Known-Groups Validity
The known-groups validity of the P-PASIPD was investigated regarding the participants’ sex, cause of amputation, and level of amputation. Data from previous studies suggest that the amputee’s sex [28], level of amputation, and cause of amputation [29] can affect their level of physical activity. 
Statistical analysis
Descriptive information was presented as mean, standard deviation, missing answers, interquartile ranges, and extent of ceiling and floor effects. If more than 15% of participants give the best or worst possible score on a questionnaire, a ceiling or floor effect has occurred [30]. The proposed value for the Cronbach α to be acceptable is 0.45 to 0.98 [31]. The Pearson correlation coefficient was used to assess the test-retest reliability. 
To investigate the relationship between the PASIPD and PLUS-M questionnaires, the Spearman correlation coefficient was performed. Considering the way of relationship, the following criteria were utilized [32]: strong (r>0.75), moderate (0.50 For factor analysis, the principal component analysis with varimax rotation was applied to 12 questions of the P-PASIPD. Before conducting principal component analysis, the suitability of values was checked by Bartlett’s test of sphericity (<0.05) and the Kaiser-Meyer-Olkin test (>0.5) [33]. Factor extraction was performed by calculating factors with an eigenvalue of 1.0 or higher. All analyses were carried out in SPSS software, v. 20. A P value of 0.05 was considered statistically significant. 
3. Results 
Translation and cultural adaptation

The PASIPD was adapted and validated for the Persian language. In item 2, “walking the dog shopping” was omitted because this activity is not common in the popular culture of many parts of Persian. In item 3, “use of a standing frame” was replaced with “yoga and walking in the forest.” In item 4, “softball” was replaced with “jogging on even ground.” In item 5, “off-road pushing” was replaced with “jogging on uneven ground.” In item 6, “wheelchair push-ups” was replaced with “sitting up or uphill walking.” All of these changes were made under the supervision of the original developer of the PASIPD. 
The participants’ characteristics 
A total of 197 people with lower limb amputation (168 men and 29 women) were included in this study. Their Mean±SD age was 43.84±12.51 years (range: 19-72 y). The Mean±SD time since amputation and wearing the current prosthesis were 253.24±159.57 months (range: 12-660 mo) and 62.16±71.70 months (range: 3-448 mo), respectively. Characteristics of the studied population are reported in Table 1.

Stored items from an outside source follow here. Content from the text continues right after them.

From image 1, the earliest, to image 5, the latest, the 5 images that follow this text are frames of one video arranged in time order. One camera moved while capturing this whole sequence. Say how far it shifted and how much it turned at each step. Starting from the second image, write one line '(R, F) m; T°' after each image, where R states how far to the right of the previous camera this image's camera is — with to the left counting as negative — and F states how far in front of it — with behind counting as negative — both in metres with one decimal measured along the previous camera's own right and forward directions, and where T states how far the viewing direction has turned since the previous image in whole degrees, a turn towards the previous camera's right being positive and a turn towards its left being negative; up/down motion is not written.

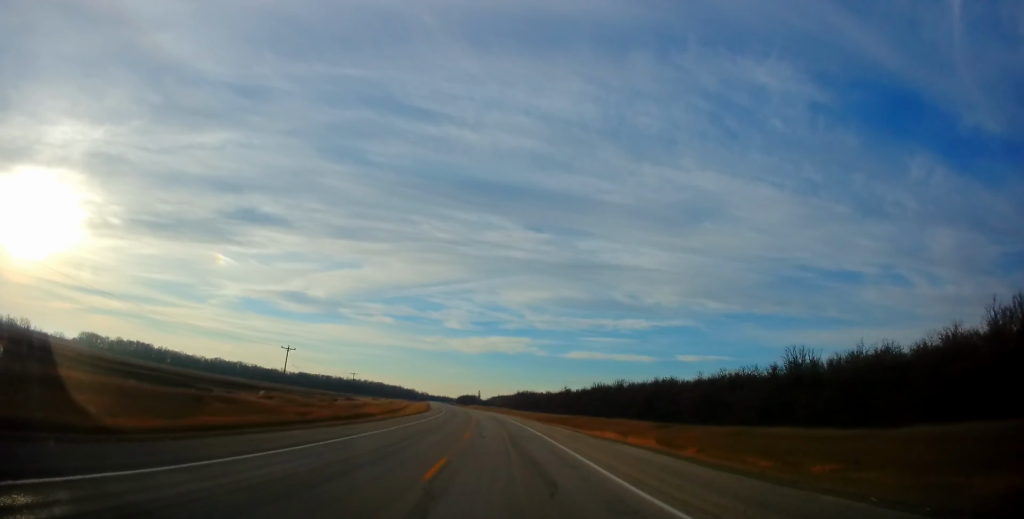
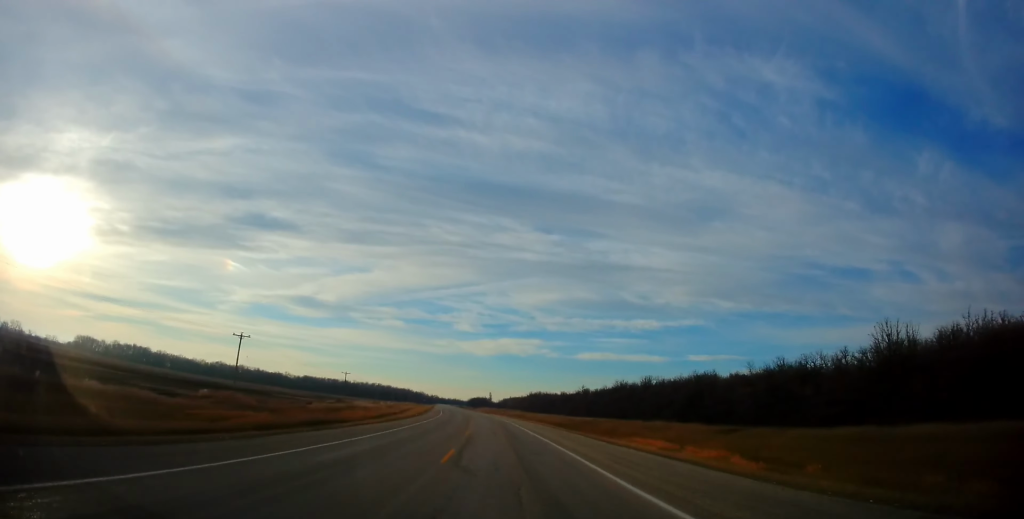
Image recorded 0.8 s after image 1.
(-0.2, +21.6) m; -1°
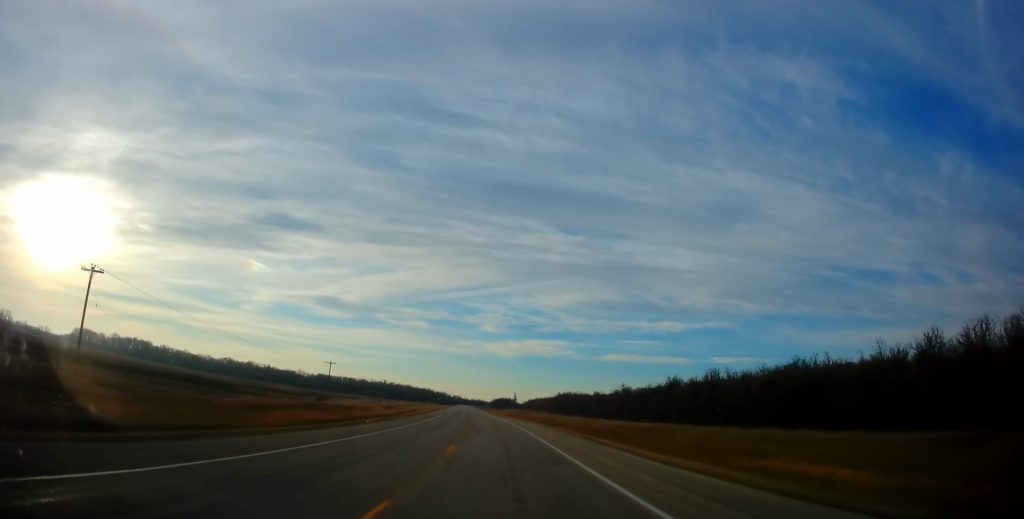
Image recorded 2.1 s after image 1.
(-0.5, +34.9) m; -3°
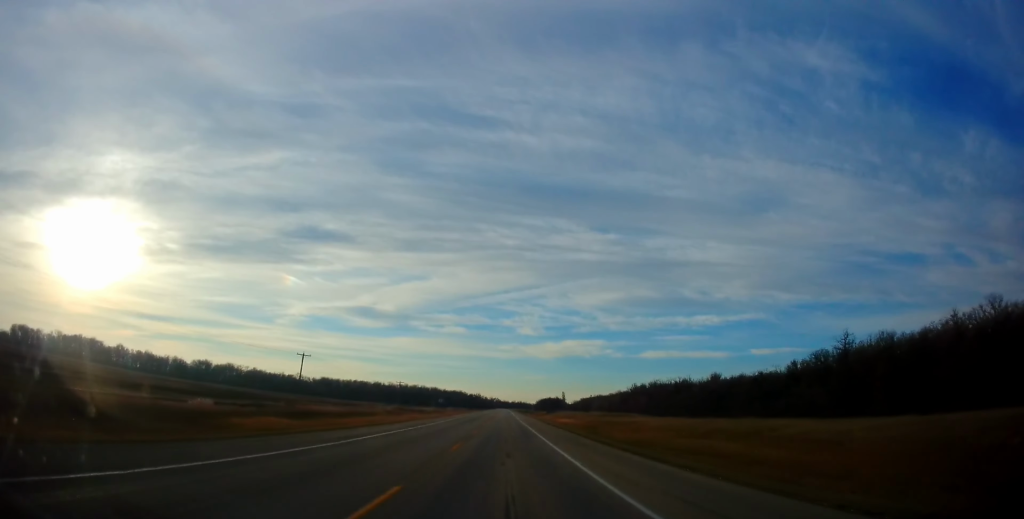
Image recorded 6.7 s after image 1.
(-5.7, +117.0) m; -3°
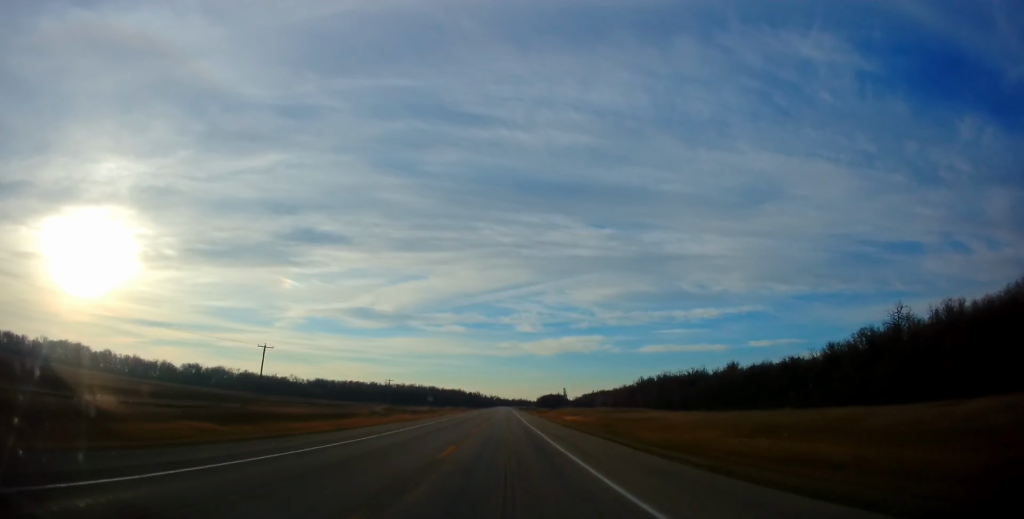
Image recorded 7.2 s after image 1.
(+0.2, +13.7) m; 0°
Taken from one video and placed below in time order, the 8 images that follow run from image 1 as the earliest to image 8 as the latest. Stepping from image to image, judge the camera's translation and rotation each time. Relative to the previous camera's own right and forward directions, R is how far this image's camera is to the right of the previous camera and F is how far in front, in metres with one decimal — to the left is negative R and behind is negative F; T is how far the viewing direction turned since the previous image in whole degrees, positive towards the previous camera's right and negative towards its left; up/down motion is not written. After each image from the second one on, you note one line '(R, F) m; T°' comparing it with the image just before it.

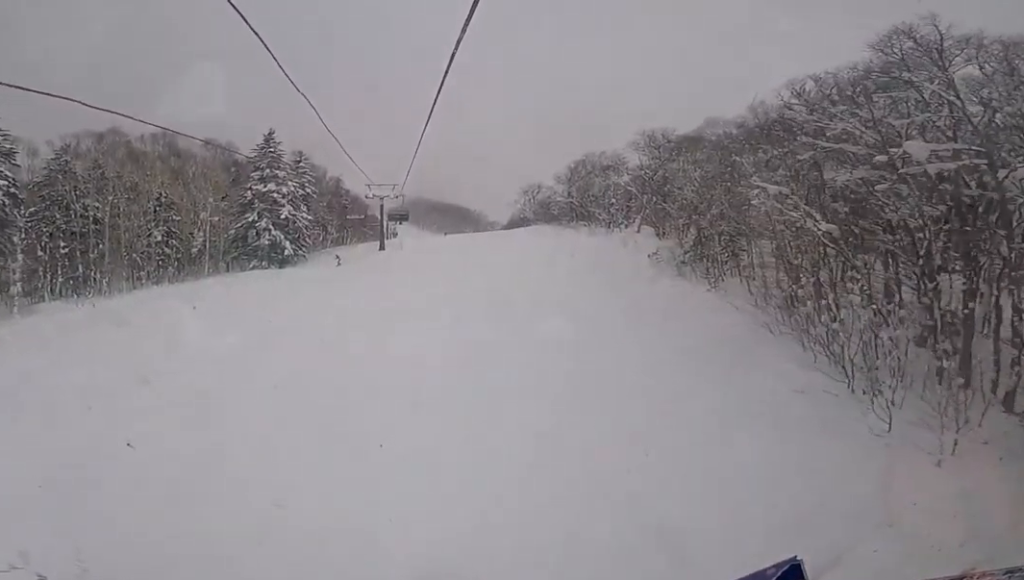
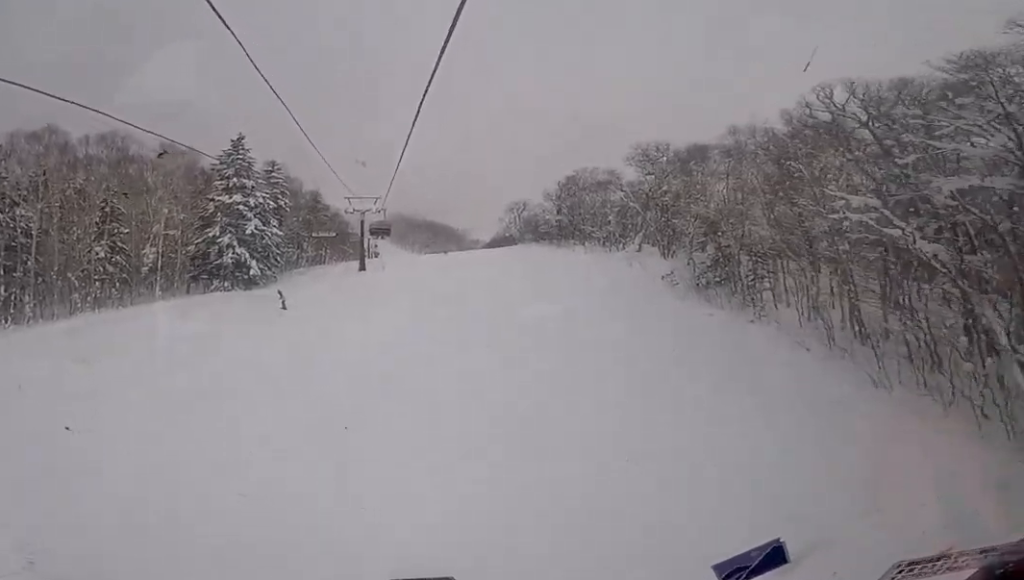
(+0.1, +6.3) m; +7°
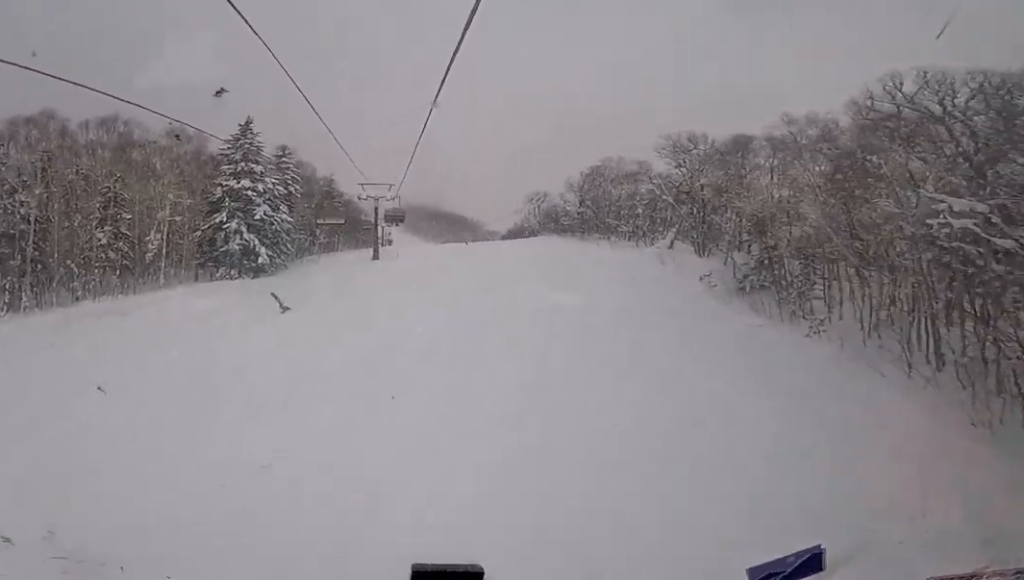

No significant ceiling effect was observed in the items and total score of the P-PASIPD. However, the P-PASIPD items showed significant floor effects (ranging from 19.3% to 83.3%) (Table 2).


Reliability
The P-PASIPD had a satisfactory internal uniformity (the Cronbach α=0.68) (Table 2). The total score of the P-PASIPD showed moderate test-retest association (r=0.7). For each item, the r values ranged from 0.45 (for item 11) to 0.87 (for item 10).
Factor analysis
A total of four components were extracted for P-PASIPD with eigenvalues higher than 1 as factor 1 (items 2, 3, 4, 5, 6), factor 2 (items 7, 8, 12), factor 3 (items 9, 10, 13), and factor 4 (items 10, 11, 13) (Figure 1 and Table 2).

Convergent Validity 
The total P-PASIPD score and the t-score of PLUS-M were 19.25±22.01 (range 0.00 to 128.79) and 50.09±8.74 (range 25.50 to 71.40), respectively. The results of the correlational analysis are presented in Table 3.


Known-Groups Validity
According to Table 4, there is a significant difference in items 6 (P=0.03), 7 (P<0.01), 8 (P<0.01), 9 (P<0.01), 10 (P=0.009), 12 (P=0.007), and 13 (P=0.03) of the P-PASIPD between men and women with lower-limb amputations.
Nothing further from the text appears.